Japanese natural resources related to sino-Japanese war and World War II
Japan Date:1938 Duration:3 min 26 sec Sound:Yes
Animated map illustrating shortage of indigenous raw materials in Japan. As stockpiles vanish during Sino-Japanese war, Japan's domestic sources supply only 10% of the nation's needs for war. Animated sequence shows lack of steel, aluminum, copper, and power generation for the conduct of war. But one of the nation's greatest resources is the population of skilled Japanese workers, who are shown at various high tech jobs, as well as on the farms and in the fishing industry. Japanese workers are seen who work for the Zaibatsu (four ruling families of Japan). Banks of Japanese women typists and women in a factory. Young women painting faces on a "Kewpie doll." A Japanese family at dinner time. Women engaged in fabric spinning. Animated graphic illustrates Japan's war-related resources for World War 2, by showing a Japanese soldier standing astride map of Japan with lines extending to sources of needed raw materials from Japanese possessions in Korea, Manchuria,Formosa, China,Indochina,Malaya, and its network of Pacific Islands.
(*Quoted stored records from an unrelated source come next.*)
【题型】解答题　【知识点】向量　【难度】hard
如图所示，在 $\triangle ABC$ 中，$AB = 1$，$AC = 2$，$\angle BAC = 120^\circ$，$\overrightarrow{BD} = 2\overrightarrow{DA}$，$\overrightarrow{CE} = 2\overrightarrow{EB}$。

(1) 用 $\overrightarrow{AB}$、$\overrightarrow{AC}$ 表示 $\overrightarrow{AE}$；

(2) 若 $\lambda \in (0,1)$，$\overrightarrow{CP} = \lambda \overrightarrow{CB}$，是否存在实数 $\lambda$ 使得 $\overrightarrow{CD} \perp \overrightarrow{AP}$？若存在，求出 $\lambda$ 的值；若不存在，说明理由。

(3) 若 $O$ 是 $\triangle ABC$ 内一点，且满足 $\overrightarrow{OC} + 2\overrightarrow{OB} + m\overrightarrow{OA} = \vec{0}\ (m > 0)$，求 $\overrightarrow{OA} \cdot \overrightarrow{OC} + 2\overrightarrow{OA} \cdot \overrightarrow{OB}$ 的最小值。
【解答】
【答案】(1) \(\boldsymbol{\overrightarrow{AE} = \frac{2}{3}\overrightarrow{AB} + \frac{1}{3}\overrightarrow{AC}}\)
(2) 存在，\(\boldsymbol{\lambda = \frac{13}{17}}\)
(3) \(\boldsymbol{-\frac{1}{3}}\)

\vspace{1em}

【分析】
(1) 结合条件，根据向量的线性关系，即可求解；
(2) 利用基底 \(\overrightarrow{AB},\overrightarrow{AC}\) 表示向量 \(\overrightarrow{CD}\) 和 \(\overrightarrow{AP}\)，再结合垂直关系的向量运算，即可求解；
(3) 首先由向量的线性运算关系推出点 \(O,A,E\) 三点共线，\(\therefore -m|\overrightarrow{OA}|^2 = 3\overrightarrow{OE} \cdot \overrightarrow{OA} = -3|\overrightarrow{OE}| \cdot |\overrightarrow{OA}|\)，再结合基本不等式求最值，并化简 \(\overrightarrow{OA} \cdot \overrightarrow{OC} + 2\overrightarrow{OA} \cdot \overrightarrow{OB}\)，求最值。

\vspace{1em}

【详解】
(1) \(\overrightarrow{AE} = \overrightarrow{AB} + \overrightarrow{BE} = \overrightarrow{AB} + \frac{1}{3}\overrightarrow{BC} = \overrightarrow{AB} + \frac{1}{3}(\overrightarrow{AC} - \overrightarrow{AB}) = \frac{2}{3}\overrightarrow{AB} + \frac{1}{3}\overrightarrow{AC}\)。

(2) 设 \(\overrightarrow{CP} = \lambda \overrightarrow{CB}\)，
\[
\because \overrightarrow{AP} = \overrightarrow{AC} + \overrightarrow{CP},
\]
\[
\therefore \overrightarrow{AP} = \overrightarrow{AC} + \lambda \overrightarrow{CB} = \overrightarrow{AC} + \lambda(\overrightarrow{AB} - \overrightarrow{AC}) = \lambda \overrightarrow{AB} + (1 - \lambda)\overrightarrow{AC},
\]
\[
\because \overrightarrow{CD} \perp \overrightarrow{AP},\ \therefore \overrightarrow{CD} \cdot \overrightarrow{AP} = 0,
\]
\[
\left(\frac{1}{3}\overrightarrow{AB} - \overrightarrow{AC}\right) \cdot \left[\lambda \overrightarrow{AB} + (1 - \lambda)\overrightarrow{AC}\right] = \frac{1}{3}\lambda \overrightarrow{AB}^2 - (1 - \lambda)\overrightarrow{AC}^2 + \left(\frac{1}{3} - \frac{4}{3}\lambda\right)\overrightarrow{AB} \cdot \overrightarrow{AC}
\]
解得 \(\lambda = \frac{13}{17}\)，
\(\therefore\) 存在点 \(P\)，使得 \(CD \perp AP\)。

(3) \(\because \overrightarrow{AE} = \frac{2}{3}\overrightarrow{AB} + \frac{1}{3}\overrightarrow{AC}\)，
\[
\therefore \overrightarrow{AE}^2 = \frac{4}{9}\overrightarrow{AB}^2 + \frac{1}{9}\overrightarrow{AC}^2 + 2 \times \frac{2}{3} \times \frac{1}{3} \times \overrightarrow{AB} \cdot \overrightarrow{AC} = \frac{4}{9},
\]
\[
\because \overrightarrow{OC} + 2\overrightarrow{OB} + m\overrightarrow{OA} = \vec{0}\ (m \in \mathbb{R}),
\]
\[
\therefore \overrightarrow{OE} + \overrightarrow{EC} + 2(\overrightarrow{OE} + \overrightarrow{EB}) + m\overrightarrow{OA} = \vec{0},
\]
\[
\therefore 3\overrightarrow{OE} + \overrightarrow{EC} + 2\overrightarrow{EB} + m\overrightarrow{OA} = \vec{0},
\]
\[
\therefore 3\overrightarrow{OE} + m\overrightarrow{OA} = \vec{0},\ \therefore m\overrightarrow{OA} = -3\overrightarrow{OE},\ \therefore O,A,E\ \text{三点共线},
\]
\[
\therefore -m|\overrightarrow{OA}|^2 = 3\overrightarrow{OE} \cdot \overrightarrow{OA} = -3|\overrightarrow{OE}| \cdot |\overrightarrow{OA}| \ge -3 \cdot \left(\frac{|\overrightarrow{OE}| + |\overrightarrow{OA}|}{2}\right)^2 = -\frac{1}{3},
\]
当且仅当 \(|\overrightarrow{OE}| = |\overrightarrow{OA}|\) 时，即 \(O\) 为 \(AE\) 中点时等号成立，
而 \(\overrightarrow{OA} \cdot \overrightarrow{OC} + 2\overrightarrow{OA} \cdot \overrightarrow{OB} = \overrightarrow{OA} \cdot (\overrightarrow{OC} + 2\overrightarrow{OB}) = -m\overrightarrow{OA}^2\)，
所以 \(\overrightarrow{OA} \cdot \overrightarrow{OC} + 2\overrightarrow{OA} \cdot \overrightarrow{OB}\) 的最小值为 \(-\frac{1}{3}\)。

Final scene displays copy of Los Angeles Times newspaper with headline reading: "Jap Supply Lines Blasted." It also features a story that appears to refer to the U.S. 6th Army invasion of Leyte in the Philippines, in October, 1944 (when General MacArthur waded ashore and stated,"I have returned"). (Note: Although produced during World War 2, this film shows prewar scenes of Japan. The animated illustrations and maps and, of course, the newspaper shown at the end, date from World War II.)